Within that environment, the latest arrest in Kuru is likely to be viewed by security officials as part of a preventive strategy rather than an isolated success. Plateau’s security challenge is not defined only by large-scale attacks; it is also shaped by the circulation of small arms, the movement of suspects across local government boundaries, and the ability of violent actors to exploit gaps in local enforcement. When soldiers recover a firearm during routine screening, the concern is not merely the possession offence itself, but the possibility that the weapon could have been intended for robbery, kidnapping, reprisal violence or coordination with a wider armed cell. The ongoing interrogation of the suspects is therefore significant, because investigators will be trying to establish whether the two men were acting independently or as part of a larger network.

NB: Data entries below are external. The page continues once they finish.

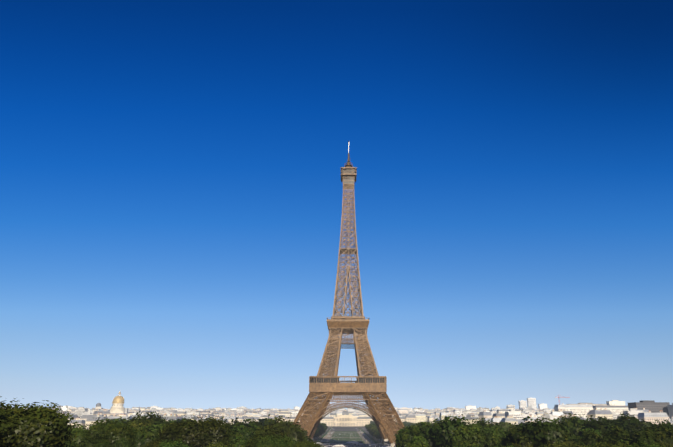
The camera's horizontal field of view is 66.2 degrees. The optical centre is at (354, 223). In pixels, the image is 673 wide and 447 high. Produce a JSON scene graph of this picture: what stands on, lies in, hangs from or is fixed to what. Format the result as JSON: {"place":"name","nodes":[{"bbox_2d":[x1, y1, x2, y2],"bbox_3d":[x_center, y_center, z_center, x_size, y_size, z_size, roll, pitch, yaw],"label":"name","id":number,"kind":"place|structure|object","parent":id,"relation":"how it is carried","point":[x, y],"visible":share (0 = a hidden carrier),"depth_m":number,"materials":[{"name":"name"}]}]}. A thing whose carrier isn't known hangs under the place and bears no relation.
{"place":"outdoors","nodes":[
{"label":"outdoors","id":0,"kind":"place"},
{"bbox_2d":[0,0,672,409],"label":"sky","id":1,"kind":"structure","parent":0,"point":[171,186],"materials":[{"name":"blue"}]},
{"bbox_2d":[312,426,392,443],"bbox_3d":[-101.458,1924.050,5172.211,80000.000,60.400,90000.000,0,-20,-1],"label":"ground","id":2,"kind":"structure","parent":0,"point":[347,428],"depth_m":1186.18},
{"bbox_2d":[0,396,80,446],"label":"tree","id":3,"kind":"object","parent":2,"relation":"on","point":[36,426],"visible":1,"depth_m":51.05,"materials":[{"name":"green plant"}]},
{"bbox_2d":[63,434,83,446],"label":"tree","id":4,"kind":"object","parent":2,"relation":"on","point":[67,443],"visible":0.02,"depth_m":82.30,"materials":[{"name":"green plant"}]},
{"bbox_2d":[65,422,90,446],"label":"tree","id":5,"kind":"object","parent":2,"relation":"on","point":[80,431],"visible":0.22,"depth_m":99.96,"materials":[{"name":"green plant"}]},
{"bbox_2d":[79,416,137,446],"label":"tree","id":6,"kind":"object","parent":2,"relation":"on","point":[110,431],"visible":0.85,"depth_m":88.58,"materials":[{"name":"green plant"}]},
{"bbox_2d":[93,437,134,446],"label":"tree","id":7,"kind":"object","parent":2,"relation":"on","point":[119,444],"visible":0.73,"depth_m":86.15,"materials":[{"name":"green plant"}]},
{"bbox_2d":[126,417,152,431],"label":"tree","id":8,"kind":"object","parent":2,"relation":"on","point":[137,423],"visible":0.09,"depth_m":150.56,"materials":[{"name":"green plant"}]},
{"bbox_2d":[133,424,161,446],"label":"tree","id":9,"kind":"object","parent":2,"relation":"on","point":[147,436],"visible":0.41,"depth_m":108.61,"materials":[{"name":"green plant"}]},
{"bbox_2d":[127,411,171,429],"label":"tree","id":10,"kind":"object","parent":2,"relation":"on","point":[155,419],"visible":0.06,"depth_m":160.92,"materials":[{"name":"green plant"}]},
{"bbox_2d":[142,423,164,437],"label":"tree","id":11,"kind":"object","parent":2,"relation":"on","point":[158,425],"visible":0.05,"depth_m":137.13,"materials":[{"name":"green plant"}]},
{"bbox_2d":[141,437,166,446],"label":"tree","id":12,"kind":"object","parent":2,"relation":"on","point":[155,444],"visible":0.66,"depth_m":94.28,"materials":[{"name":"green plant"}]},
{"bbox_2d":[159,438,191,446],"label":"tree","id":13,"kind":"object","parent":2,"relation":"on","point":[174,444],"visible":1,"depth_m":89.24,"materials":[{"name":"green plant"}]},
{"bbox_2d":[168,418,185,422],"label":"tree","id":14,"kind":"object","parent":2,"relation":"on","point":[178,420],"visible":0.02,"depth_m":347.13,"materials":[{"name":"green plant"}]},
{"bbox_2d":[149,415,233,446],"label":"tree","id":15,"kind":"object","parent":2,"relation":"on","point":[197,433],"visible":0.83,"depth_m":95.36,"materials":[{"name":"green plant"}]},
{"bbox_2d":[203,440,229,446],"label":"tree","id":16,"kind":"object","parent":2,"relation":"on","point":[216,445],"visible":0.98,"depth_m":93.01,"materials":[{"name":"green plant"}]},
{"bbox_2d":[203,416,244,444],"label":"tree","id":17,"kind":"object","parent":2,"relation":"on","point":[236,432],"visible":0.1,"depth_m":129.95,"materials":[{"name":"green plant"}]},
{"bbox_2d":[229,433,249,446],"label":"tree","id":18,"kind":"object","parent":2,"relation":"on","point":[237,442],"visible":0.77,"depth_m":113.33,"materials":[{"name":"green plant"}]},
{"bbox_2d":[232,422,257,439],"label":"tree","id":19,"kind":"object","parent":2,"relation":"on","point":[244,432],"visible":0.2,"depth_m":158.22,"materials":[{"name":"green plant"}]},
{"bbox_2d":[223,417,268,429],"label":"tree","id":20,"kind":"object","parent":2,"relation":"on","point":[259,424],"visible":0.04,"depth_m":190.77,"materials":[{"name":"green plant"}]},
{"bbox_2d":[243,430,280,446],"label":"tree","id":21,"kind":"object","parent":2,"relation":"on","point":[252,442],"visible":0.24,"depth_m":101.73,"materials":[{"name":"green plant"}]},
{"bbox_2d":[257,418,272,425],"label":"tree","id":22,"kind":"object","parent":2,"relation":"on","point":[262,420],"visible":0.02,"depth_m":358.86,"materials":[{"name":"green plant"}]},
{"bbox_2d":[252,423,290,438],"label":"tree","id":23,"kind":"object","parent":2,"relation":"on","point":[269,430],"visible":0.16,"depth_m":121.19,"materials":[{"name":"green plant"}]},
{"bbox_2d":[255,433,298,446],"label":"tree","id":24,"kind":"object","parent":2,"relation":"on","point":[282,442],"visible":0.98,"depth_m":97.03,"materials":[{"name":"green plant"}]},
{"bbox_2d":[2,405,553,414],"bbox_3d":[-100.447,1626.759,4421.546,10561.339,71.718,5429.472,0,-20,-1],"label":"city blocks","id":25,"kind":"structure","parent":2,"relation":"on","point":[415,410],"depth_m":2432.29,"materials":[{"name":"stone"}]},
{"bbox_2d":[261,414,304,444],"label":"tree","id":26,"kind":"object","parent":2,"relation":"on","point":[297,434],"visible":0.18,"depth_m":174.41,"materials":[{"name":"green plant"}]},
{"bbox_2d":[293,439,323,446],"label":"tree","id":27,"kind":"object","parent":2,"relation":"on","point":[306,444],"visible":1,"depth_m":97.21,"materials":[{"name":"green plant"}]},
{"bbox_2d":[274,409,415,425],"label":"buildings","id":28,"kind":"structure","parent":2,"relation":"on","point":[345,418],"depth_m":1426.33,"materials":[{"name":"stone"}]},
{"bbox_2d":[293,141,403,446],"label":"eiffel tower","id":29,"kind":"structure","parent":2,"relation":"on","point":[365,385],"depth_m":495.07,"materials":[{"name":"metal"}]},
{"bbox_2d":[24,403,672,429],"bbox_3d":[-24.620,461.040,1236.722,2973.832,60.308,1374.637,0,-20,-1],"label":"city blocks","id":30,"kind":"structure","parent":2,"relation":"on","point":[87,416],"depth_m":873.50,"materials":[{"name":"stone"}]},
{"bbox_2d":[57,392,669,417],"bbox_3d":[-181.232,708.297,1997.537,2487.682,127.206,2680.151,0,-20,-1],"label":"buildings","id":31,"kind":"structure","parent":2,"relation":"on","point":[580,409],"depth_m":1066.98,"materials":[{"name":"stone"}]},
{"bbox_2d":[394,421,439,446],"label":"tree","id":32,"kind":"object","parent":2,"relation":"on","point":[407,434],"visible":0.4,"depth_m":152.21,"materials":[{"name":"green plant"}]},
{"bbox_2d":[404,435,431,446],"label":"tree","id":33,"kind":"object","parent":2,"relation":"on","point":[420,440],"visible":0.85,"depth_m":112.49,"materials":[{"name":"green plant"}]},
{"bbox_2d":[429,413,482,446],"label":"tree","id":34,"kind":"object","parent":2,"relation":"on","point":[446,427],"visible":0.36,"depth_m":144.52,"materials":[{"name":"green plant"}]},
{"bbox_2d":[455,437,481,446],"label":"tree","id":35,"kind":"object","parent":2,"relation":"on","point":[468,442],"visible":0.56,"depth_m":107.75,"materials":[{"name":"green plant"}]},
{"bbox_2d":[459,443,478,446],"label":"tree","id":36,"kind":"object","parent":2,"relation":"on","point":[466,445],"visible":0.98,"depth_m":98.25,"materials":[{"name":"green plant"}]},
{"bbox_2d":[448,425,493,446],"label":"tree","id":37,"kind":"object","parent":2,"relation":"on","point":[467,434],"visible":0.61,"depth_m":118.54,"materials":[{"name":"green plant"}]},
{"bbox_2d":[468,417,507,434],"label":"tree","id":38,"kind":"object","parent":2,"relation":"on","point":[483,423],"visible":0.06,"depth_m":181.69,"materials":[{"name":"green plant"}]},
{"bbox_2d":[481,426,506,446],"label":"tree","id":39,"kind":"object","parent":2,"relation":"on","point":[493,440],"visible":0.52,"depth_m":135.47,"materials":[{"name":"green plant"}]},
{"bbox_2d":[489,422,510,430],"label":"tree","id":40,"kind":"object","parent":2,"relation":"on","point":[505,425],"visible":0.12,"depth_m":373.25,"materials":[{"name":"green plant"}]},
{"bbox_2d":[494,430,515,446],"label":"tree","id":41,"kind":"object","parent":2,"relation":"on","point":[503,442],"visible":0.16,"depth_m":116.99,"materials":[{"name":"green plant"}]},
{"bbox_2d":[506,424,519,431],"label":"tree","id":42,"kind":"object","parent":2,"relation":"on","point":[509,428],"visible":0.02,"depth_m":190.31,"materials":[{"name":"green plant"}]},
{"bbox_2d":[512,436,534,446],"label":"tree","id":43,"kind":"object","parent":2,"relation":"on","point":[524,443],"visible":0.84,"depth_m":108.34,"materials":[{"name":"green plant"}]},
{"bbox_2d":[502,416,571,446],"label":"tree","id":44,"kind":"object","parent":2,"relation":"on","point":[537,431],"visible":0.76,"depth_m":109.09,"materials":[{"name":"green plant"}]},
{"bbox_2d":[542,440,570,446],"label":"tree","id":45,"kind":"object","parent":2,"relation":"on","point":[555,443],"visible":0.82,"depth_m":95.22,"materials":[{"name":"green plant"}]},
{"bbox_2d":[540,429,576,446],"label":"tree","id":46,"kind":"object","parent":2,"relation":"on","point":[567,441],"visible":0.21,"depth_m":107.02,"materials":[{"name":"green plant"}]},
{"bbox_2d":[552,413,589,438],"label":"tree","id":47,"kind":"object","parent":2,"relation":"on","point":[574,421],"visible":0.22,"depth_m":172.58,"materials":[{"name":"green plant"}]},
{"bbox_2d":[565,426,577,442],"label":"tree","id":48,"kind":"object","parent":2,"relation":"on","point":[572,438],"visible":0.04,"depth_m":152.91,"materials":[{"name":"green plant"}]},
{"bbox_2d":[557,441,586,446],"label":"tree","id":49,"kind":"object","parent":2,"relation":"on","point":[571,445],"visible":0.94,"depth_m":93.01,"materials":[{"name":"green plant"}]},
{"bbox_2d":[576,441,595,446],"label":"tree","id":50,"kind":"object","parent":2,"relation":"on","point":[591,445],"visible":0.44,"depth_m":95.95,"materials":[{"name":"green plant"}]},
{"bbox_2d":[574,426,601,442],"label":"tree","id":51,"kind":"object","parent":2,"relation":"on","point":[576,439],"visible":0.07,"depth_m":130.53,"materials":[{"name":"green plant"}]},
{"bbox_2d":[575,428,602,446],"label":"tree","id":52,"kind":"object","parent":2,"relation":"on","point":[589,437],"visible":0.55,"depth_m":109.53,"materials":[{"name":"green plant"}]},
{"bbox_2d":[578,414,629,434],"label":"tree","id":53,"kind":"object","parent":2,"relation":"on","point":[601,427],"visible":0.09,"depth_m":155.44,"materials":[{"name":"green plant"}]},
{"bbox_2d":[593,439,629,446],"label":"tree","id":54,"kind":"object","parent":2,"relation":"on","point":[612,445],"visible":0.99,"depth_m":72.21,"materials":[{"name":"green plant"}]},
{"bbox_2d":[597,424,629,445],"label":"tree","id":55,"kind":"object","parent":2,"relation":"on","point":[616,433],"visible":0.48,"depth_m":107.44,"materials":[{"name":"green plant"}]},
{"bbox_2d":[614,439,631,444],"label":"tree","id":56,"kind":"object","parent":2,"relation":"on","point":[626,442],"visible":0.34,"depth_m":102.04,"materials":[{"name":"green plant"}]},
{"bbox_2d":[610,413,648,431],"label":"tree","id":57,"kind":"object","parent":2,"relation":"on","point":[632,422],"visible":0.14,"depth_m":180.36,"materials":[{"name":"green plant"}]},
{"bbox_2d":[620,425,661,446],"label":"tree","id":58,"kind":"object","parent":2,"relation":"on","point":[635,436],"visible":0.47,"depth_m":100.39,"materials":[{"name":"green plant"}]},
{"bbox_2d":[627,438,660,446],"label":"tree","id":59,"kind":"object","parent":2,"relation":"on","point":[652,444],"visible":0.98,"depth_m":70.98,"materials":[{"name":"green plant"}]},
{"bbox_2d":[642,424,672,445],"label":"tree","id":60,"kind":"object","parent":2,"relation":"on","point":[666,435],"visible":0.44,"depth_m":103.27,"materials":[{"name":"green plant"}]},
{"bbox_2d":[649,418,672,430],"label":"tree","id":61,"kind":"object","parent":2,"relation":"on","point":[669,424],"visible":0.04,"depth_m":131.51,"materials":[{"name":"green plant"}]},
{"bbox_2d":[654,441,672,446],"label":"tree","id":62,"kind":"object","parent":2,"relation":"on","point":[663,444],"visible":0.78,"depth_m":83.36,"materials":[{"name":"green plant"}]},
{"bbox_2d":[320,431,395,446],"bbox_3d":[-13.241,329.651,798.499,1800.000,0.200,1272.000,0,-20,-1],"label":"park and roads","id":63,"kind":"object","parent":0,"point":[347,438],"visible":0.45,"depth_m":701.67,"materials":[{"name":"green plant"}]},
{"bbox_2d":[316,427,376,442],"bbox_3d":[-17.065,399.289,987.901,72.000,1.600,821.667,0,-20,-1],"label":"champ de mars hedges","id":64,"kind":"object","parent":63,"relation":"on","point":[371,438],"visible":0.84,"depth_m":775.08,"materials":[{"name":"green plant"}]},
{"bbox_2d":[314,441,386,446],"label":"kiosks","id":65,"kind":"object","parent":63,"relation":"on","point":[346,442],"visible":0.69,"depth_m":513.84,"materials":[{"name":"white fabric"}]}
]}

What remains less clear, however, is the official institutional framing of the arrest. Much of the publicly available detail has come through security-source reporting later echoed by other outlets, rather than through a full formal statement from the military hierarchy giving names, photographs, service commentary or case updates. That does not invalidate the core account, which has been consistently reported across multiple platforms, but it does mean some elements remain preliminary. At this stage, the reported facts that appear most consistent are that two suspects were arrested, the incident occurred around 8:30 p.m. on April 11 in Kuru, and one pistol loaded with four rounds of 9mm ammunition was recovered alongside small personal items.
For residents of Plateau, the incident is another reminder of the enduring role of military policing in the state’s security architecture. Operation Enduring Peace, which works alongside other security agencies, has increasingly combined combat-style clearance missions in rural flashpoints with urban and peri-urban interdiction efforts such as checkpoints, stop-and-search operations and intelligence-driven arrests. That blended approach reflects the reality that Plateau’s insecurity is not confined to one theatre. Armed threats may emerge from communal fault lines, organised criminal groups, kidnapping rings, local weapons fabrication networks or opportunistic actors exploiting a tense environment.
The immediate next step in the Kuru case will be the outcome of the suspects’ interrogation. Security agencies will seek to establish ownership of the pistol, whether it was licensed or illegally possessed, where it came from, and whether the men have any connection to earlier crimes in Jos South or elsewhere in Plateau. Until those findings are publicly released, the case remains at the stage of an operational arrest rather than a fully developed criminal prosecution. Still, the episode underlines a central point now shaping official thinking in Plateau: amid a volatile security climate, routine checks are no longer routine. They are part of a wider effort to intercept danger before it becomes another headline.